Lawmakers were facing several divisive policy fights when they returned to Washington last month. Republican leaders in both chambers will be put to the test as they seek to protect their vulnerable incumbents and put forward a legislative agenda aimed at the general election. The challenge is particularly acute for Senate Majority Leader Mitch McConnell, who is trying to protect his 54-seat majority on an election year map that clearly favors Democrats. The following are some issues that will result in some fights for the lawmakers in the New Year.
Legislation over refugees – this being an elective year – will be involved in both the House and Senate. The Senate will have round two in its battle over refugees. Republican lawmakers have called for blocking President Obama’s plan to resettle up to 10,000 Syrian refugees. Sen. McConnell has pledged to take up legislation dealing with the refugee acceptance program during the first quarter of 2016, though it’s unclear what the proposal will contain. The GOP leader has already put a House-passed bill on the Senate calendar that would restrict Syrian and Iraqi refugees, meaning it could come up for a vote. But the House bill has received fierce pushback from Senate Democrats. Sen. Dick Durbin, the Democratic whip, suggested that the “fevered pitch” that surrounded the bill when it passed in November has subsided. “It doesn’t stand up to reason that we’re focusing on 70,000 people that are vetted for two years,” Sen. Durbin said. He believes Senate Democrats would be able to block the refugee bill from getting the 60 votes needed to move forward.
The immigration issue will result in lots of politically motivated legislation. This is an election year issue and one that won’t go away. Hopefully some of what’s proposed will be constructive.
Guantanámo Bay and ISIS
As President Obama heads into his final year in the White House, lawmakers are poised to review two of his foreign policy priorities: fighting the Islamic State in Iraq and Syria (ISIS) and closing Guantanámo Bay. Speaker Paul Ryan suggested before Christmas that Congress could take a second look at passing a war powers resolution against ISIS. The President says he already has the legal authority to fight ISIS, but has pushed Congress for an explicit authorization that would update the language passed after the 9/11 attacks. While both parties have expressed support for an ISIS resolution, no one has put forward a proposal that has been able to overcome the deep divisions on the war.
Separately, a battle is brewing between congressional Republicans and the Obama administration on closing the prison at Guantanámo Bay. The administration is preparing a plan to close the prison camp, but Republicans say it is effectively dead on arrival. To underscore their stance, Republicans have sent multiple bills to the president’s desk – including an end-of-the-year spending bill – that would block the administration from moving the detainees to any prison in the United States.

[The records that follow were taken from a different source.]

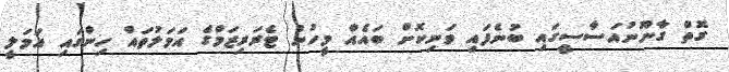
ގޮތް ގާނޫނުއަސާސީގައި ބުނެފައި ވަނިކޮށް ބައެއް މީހުން ޓެރަރިޒަމްގެ އަމަލުތައް ހިންގައި އަމަލީ
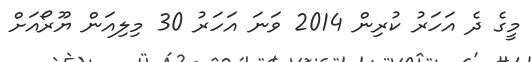
މީގެ ދެ އަހަރު ކުރިން 2014 ވަނަ އަހަރު 30 މިލިއަން ޔޫރޯއަށް
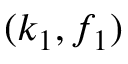
( k _ { 1 } , f _ { 1 } )
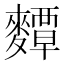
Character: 𪍵
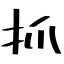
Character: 抓
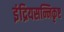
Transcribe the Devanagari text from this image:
इंद्रियसन्निकृष्ट
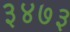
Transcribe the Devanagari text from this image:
३४७३
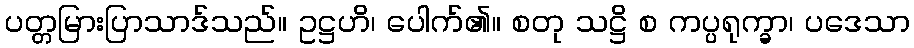
ပတ္တမြားပြာသာဒ်သည်။ ဥဋ္ဌဟိ၊ ပေါက်၏။ စတု သဋ္ဌိ စ ကပ္ပရုက္ခာ၊ ပဒေသာ
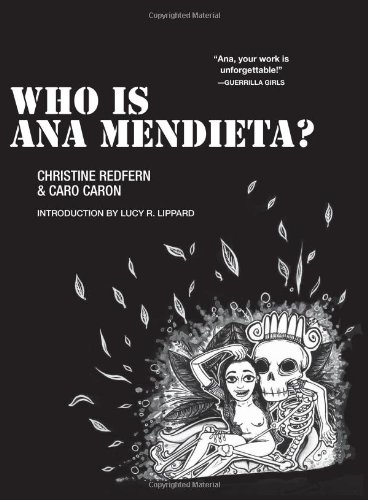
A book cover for Who is Ana Mendieta? (Blindspot Graphics); Christine Redfern; Comics & Graphic Novels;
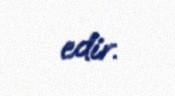
edir.
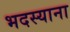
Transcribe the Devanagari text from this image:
भदस्याना
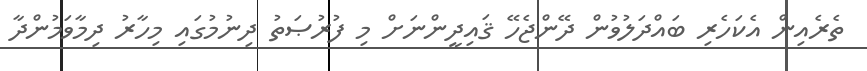
ތެރެއިން އެކަހެރި ބައްދަލުވުން ދޭންޖެހޭ ޤައިދީންނަށް މި ފުރުޞަތު ދިނުމުގައި މިހާރު ދިމާވަމުންދާ
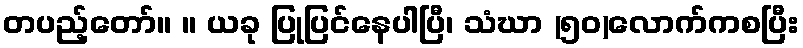
တပည့်တော်။ ။ ယခု ပြုပြင်နေပါပြီ၊ သံဃာ (၅၀)လောက်ကစပြီး
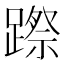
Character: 𨄊
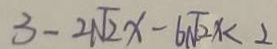
3 - 2 \sqrt { 2 } x - 6 \sqrt { 2 } x < 2
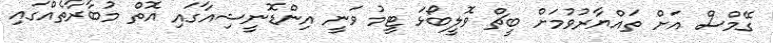
ގޭމްސް އަށް ތައްޔާރުވުމަށް ބީޗް ވޮލީބޯޅަ ޓީމު ވަނީ އިންޑޮނީޝިއާގައި އޮތް މުބާރާތެއްގައި
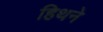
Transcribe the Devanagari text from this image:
हिथने
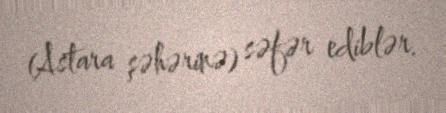
(Astara şəhərinə) səfər ediblər.
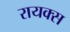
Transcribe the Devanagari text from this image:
रायक्स
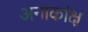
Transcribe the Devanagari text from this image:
अनाकांक्ष
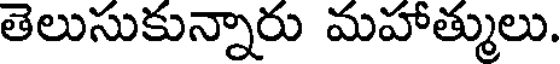
తెలుసుకున్నారు మహాత్ములు.
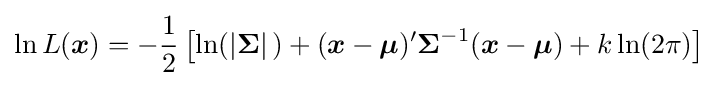
\ln L({\boldsymbol {x}})=-{\frac {1}{2}}\left[\ln(|{\boldsymbol {\Sigma }}|\,)+({\boldsymbol {x}}-{\boldsymbol {\mu }})'{\boldsymbol {\Sigma }}^{-1}({\boldsymbol {x}}-{\boldsymbol {\mu }})+k\ln(2\pi )\right]
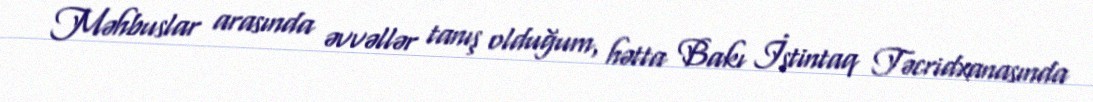
Məhbuslar arasında əvvəllər tanış olduğum, hətta Bakı İstintaq Təcridxanasında
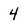
Character: 4
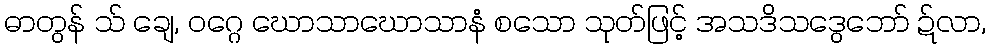
ဓာတွန် သ် ချေ, ဝဂ္ဂေ ဃောသာဃောသာနံ စသော သုတ်ဖြင့် အသဒိသဒွေဘော် ဍ်လာ,
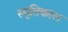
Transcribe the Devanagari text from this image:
स्मृतिकाल
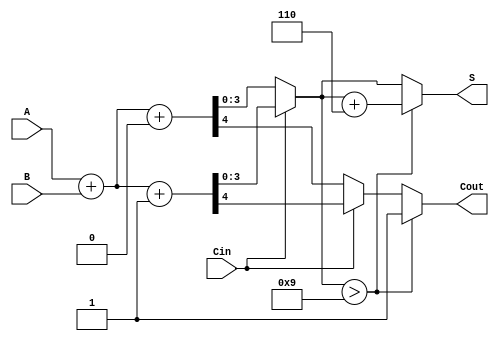
module BCD_MCSA (
    input [3:0] A,      // BCD Input A
    input [3:0] B,      // BCD Input B
    input Cin,          // Carry in
    output reg [3:0] S, // BCD Sum output
    output reg Cout     // Carry out
);

    // Intermediate signals for sums and carries
    wire [4:0] Sum0;    // Sum when Cin = 0
    wire [4:0] Sum1;    // Sum when Cin = 1
    wire Carry0;        // Carry out when Cin = 0
    wire Carry1;        // Carry out when Cin = 1

    // Perform addition assuming Cin = 0
    assign Sum0 = {1'b0, A} + {1'b0, B} + 1'b0;  // Adding with Cin = 0
    assign Carry0 = Sum0[4]; // Carry out for Cin = 0

    // Perform addition assuming Cin = 1
    assign Sum1 = {1'b0, A} + {1'b0, B} + 1'b1;  // Adding with Cin = 1
    assign Carry1 = Sum1[4]; // Carry out for Cin = 1

    // Select sum and carry based on Cin
    always @(*) begin
        if (Cin) begin
            S = Sum1[3:0];
            Cout = Carry1;
        end else begin
            S = Sum0[3:0];
            Cout = Carry0;
        end

        // BCD correction if necessary
        if (S > 4'b1001) begin
            S = S + 4'b0110; // Add 6 for BCD correction
            Cout = (Cin ? Carry1 : Carry0) | 1'b1; // Set Cout to 1 if correction occurs
        end else begin
            Cout = (Cin ? Carry1 : Carry0); // Keep original carry
        end
    end

endmodule
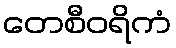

Democrats are pushing new gun control legislation following a series of mass shootings in 2015. Senate Democrats are pledging to force a vote on several gun control proposals, including expanding background checks and closing the gun show “loophole.”
Criminal justice reform
Supporters of a bipartisan Senate proposal to overhaul the criminal justice system are hopeful that the legislation can reach the floor in early 2016. The Obama administration has sought to keep momentum behind the issue, including meeting with House and Senate lawmakers to discuss the proposals put forward.
Congressional leaders have pledged to restore “regular order” in 2016, meaning that both chambers would pass 12 individual spending bills and then work out their differences in conference.
Election Year Issues
There will be all sorts of problems arising from the fact that 2016 is an election year. Most say that will keep anything of consequence wanted by the Obama Administration from passing. Hopefully, this year will be an exception. The GOP should want a productive session because of their fear that Donald Trump will be the nominee for the party. But the further he goes the stronger Trump gets, so that should make the GOP bosses very nervous.
There will be many other battles in the next eight months in Congress – due to this being an election year – and many of them will be political in nature. Hopefully, the peoples’ interest will be considered in Congress throughout that time right up to the General Election. Of course, when I think about it, most everything in Congress is politically motivated.